The goal of the ScanCentricPeakCharacterization (SCPC) package is to facilitate scan-centric, frequency based, peak characterization of profile level, multi-scan, direct-injection Fourier-transform mass spectrometry data.

You can read more about the merits of this scan-centric method in:

RM Flight, JM Mitchell & HNB Moseley, “Scan-Centric, Frequency-Based Method for Characterizing Peaks from Direct Injection Fourier transform Mass Spectrometry Experiments”, Metabolites 2022, 12(6), 515; https://doi.org/10.3390/metabo12060515

License

This package is licensed with a BSD-like license with a 4th clause: No commercial use.
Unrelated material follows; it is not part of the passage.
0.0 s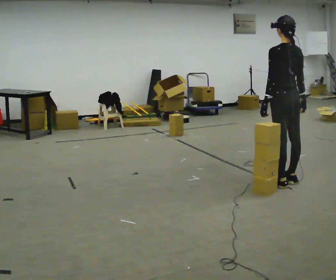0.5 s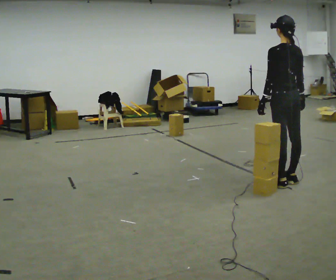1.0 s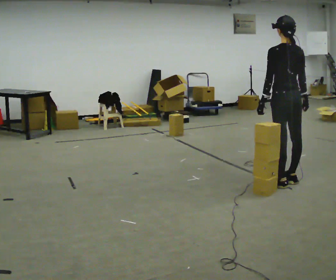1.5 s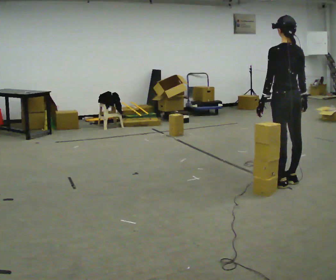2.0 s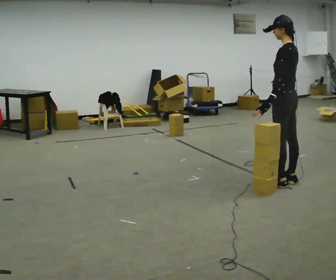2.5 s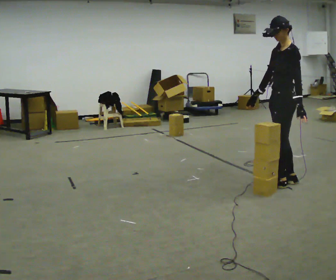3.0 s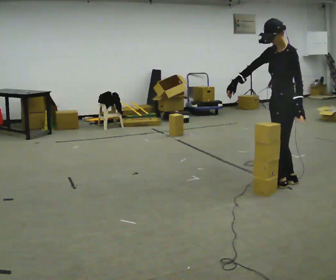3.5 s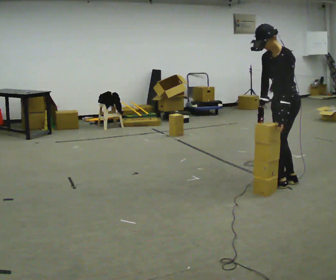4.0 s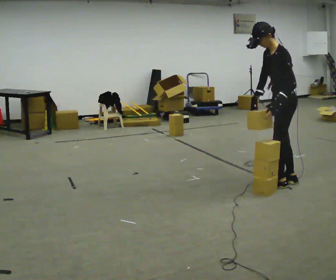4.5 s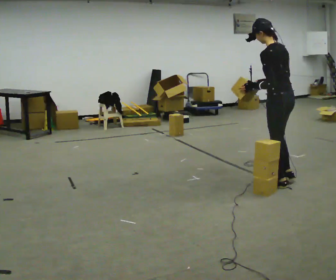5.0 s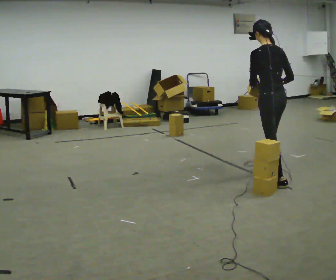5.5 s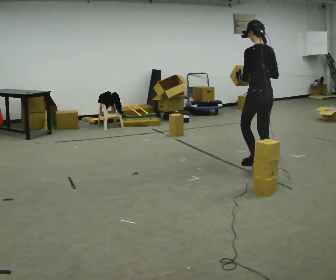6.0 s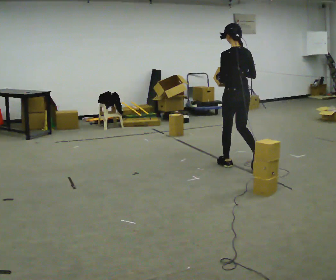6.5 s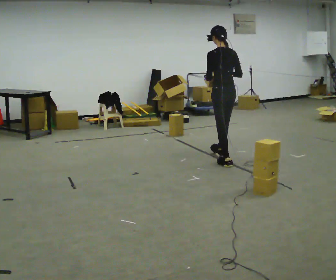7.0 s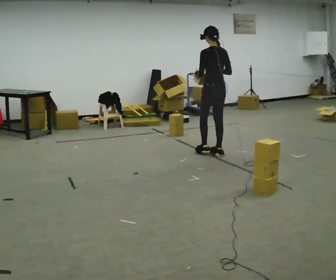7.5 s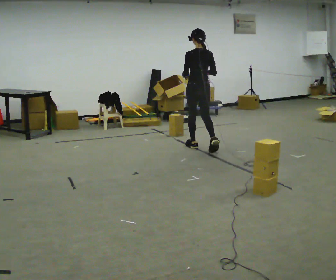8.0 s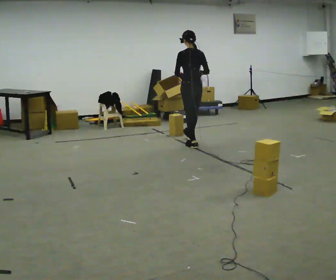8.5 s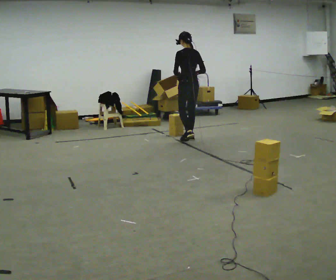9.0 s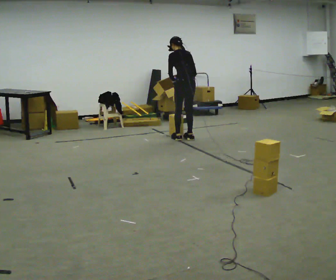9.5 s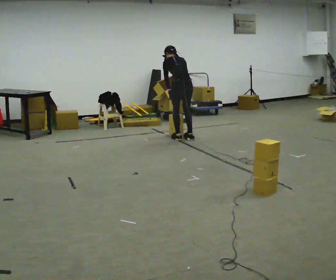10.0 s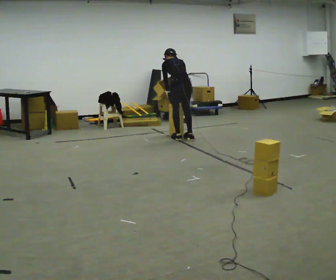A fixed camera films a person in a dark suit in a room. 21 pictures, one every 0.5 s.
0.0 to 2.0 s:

Academics who want to use it at their institution, please try it.

If you are at a business / for-profit and want to use it, please contact the authors (Robert Flight, rflight79 at gmail; Hunter Moseley, hunter dot moseley at gmail) about licensing. Please contact us even if you aren’t sure what would be required for licensing, we do want people to use it.

Installation

You can install SCPC from GitHub with:

# install.packages("remotes")
remotes::install_github("MoseleyBioinformaticsLab/ScanCentricPeakCharacterization")

Documentation Site

You can browse the documentation online here.

Setup

library(ScanCentricPeakCharacterization)
library(dplyr)
library(patchwork)
library(ggplot2)
#theme_set(cowplot::theme_cowplot())

Theory

Converting m/z to Frequency

Outside of the scan-centric nature of this peak-characterization, the second most important feature is the conversion from m/z to frequency. This is done to make evenly spaced data. If you acquire Orbitrap / ICR type mass spectrometry data over any decent range, there is an increasing spacing between individual m/z points.
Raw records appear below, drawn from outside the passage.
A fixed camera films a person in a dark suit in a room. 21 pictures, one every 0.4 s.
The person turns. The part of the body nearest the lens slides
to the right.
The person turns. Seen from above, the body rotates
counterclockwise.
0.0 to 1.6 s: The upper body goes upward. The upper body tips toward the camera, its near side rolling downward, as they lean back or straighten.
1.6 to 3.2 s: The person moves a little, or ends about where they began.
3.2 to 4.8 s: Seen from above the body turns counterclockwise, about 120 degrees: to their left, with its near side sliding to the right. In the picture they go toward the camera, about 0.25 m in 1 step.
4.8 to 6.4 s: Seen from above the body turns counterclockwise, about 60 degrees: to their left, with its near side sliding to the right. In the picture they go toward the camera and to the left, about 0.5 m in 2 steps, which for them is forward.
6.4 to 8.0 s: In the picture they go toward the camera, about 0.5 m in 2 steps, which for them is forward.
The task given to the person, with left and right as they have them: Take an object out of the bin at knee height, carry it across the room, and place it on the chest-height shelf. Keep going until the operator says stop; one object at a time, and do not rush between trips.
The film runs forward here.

We will load up an example direct-injection lipidomics sample acquired on a Thermo-Fisher Fusion instrument to demonstrate.

mzml_lipid = SCMzml$new(system.file("extdata/lipid_example.mzML", package = "ScanCentricPeakCharacterization"))
mzml_lipid$extract_mzml_data()
mzml_lipid$predict_frequency()
mzml_lipid$mzml_df_data[[1]] %>%
  dplyr::filter(convertable) %>%
  ggplot(aes(x = mz, y = mean_offset)) +
  geom_point()

We can see here that the difference or offset of m/z points is increasing with m/z.
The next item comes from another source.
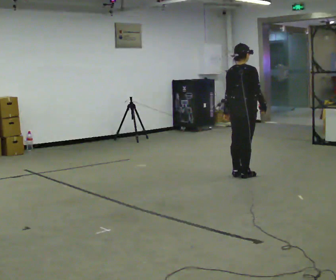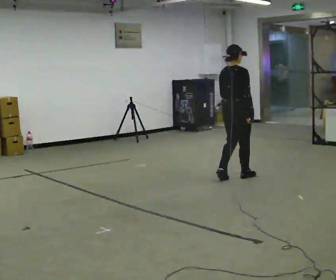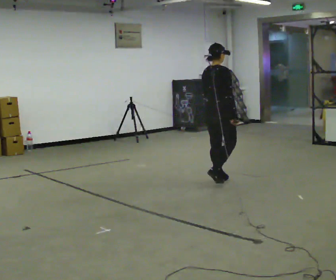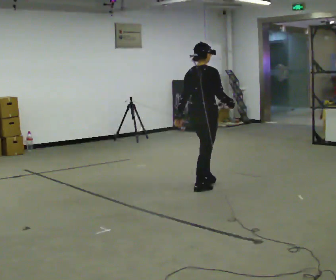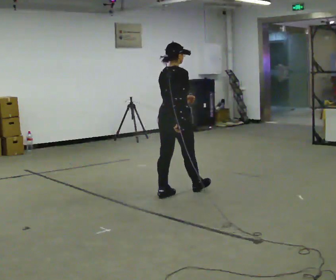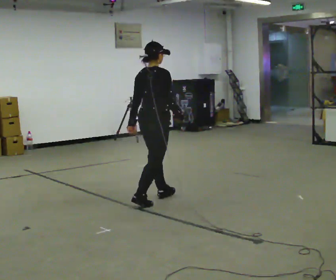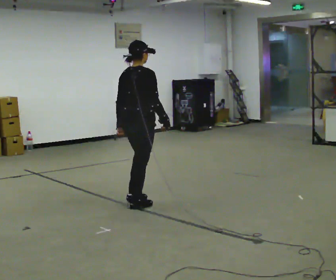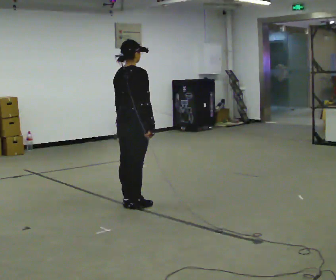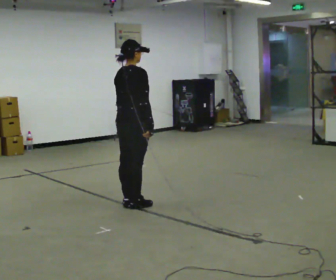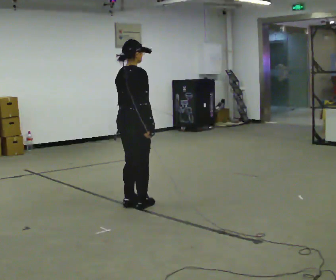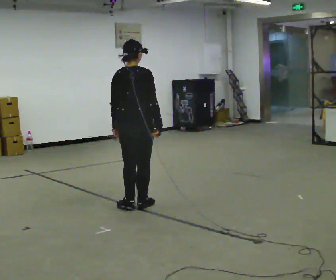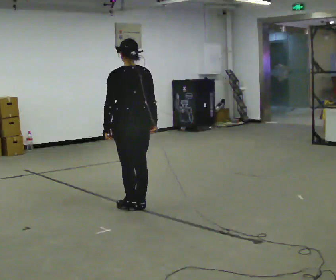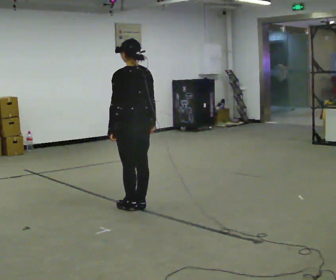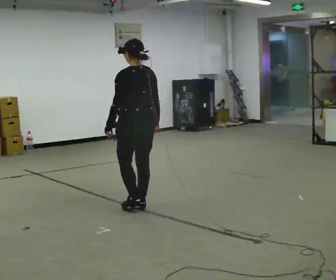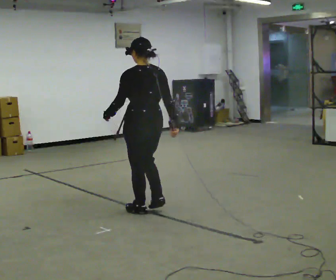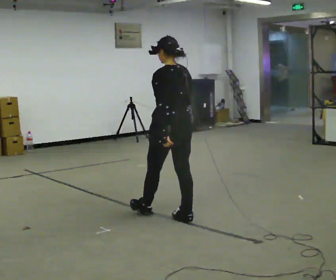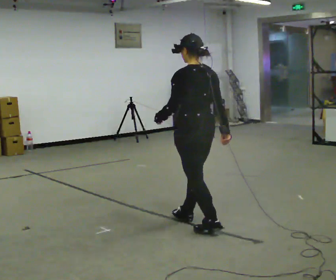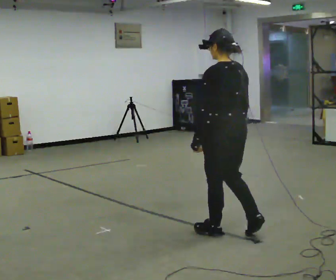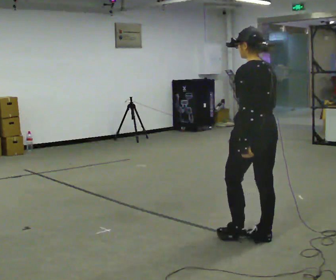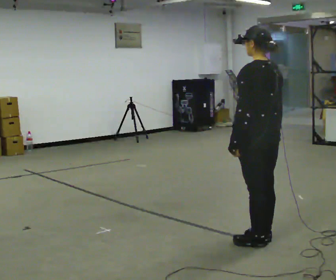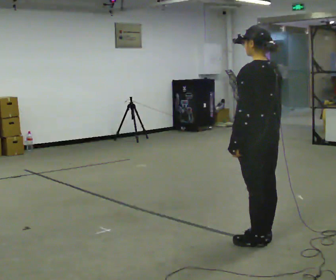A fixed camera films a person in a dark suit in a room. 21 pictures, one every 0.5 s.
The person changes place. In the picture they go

In contrast, frequency is defined as the difference over m/z, and therefore is constant.

$$mz_{mean} = mean(mz_{p1}, mz_{p2})$$

$$mz_{diff} = mz_{p2} - mz_{p1}$$

$$frequency = \frac{mz_{mean}}{mz_{diff}}$$

mzml_lipid$mzml_df_data[[1]] %>%
  dplyr::filter(convertable) %>%
  ggplot(aes(x = mean_frequency, y = mean_freq_diff)) +
  geom_point()

However, we can more generally define the conversion of m/z to frequency using a linear model of the form:

$$frequency = a + \frac{x}{mz} + \frac{y}{\sqrt{mz}} + \frac{z}{\sqrt[3]{mz}}$$

And we can verify that with a plot of the m/z vs frequency and their predicted values, in a couple of ways, as well as a plot of the residuals.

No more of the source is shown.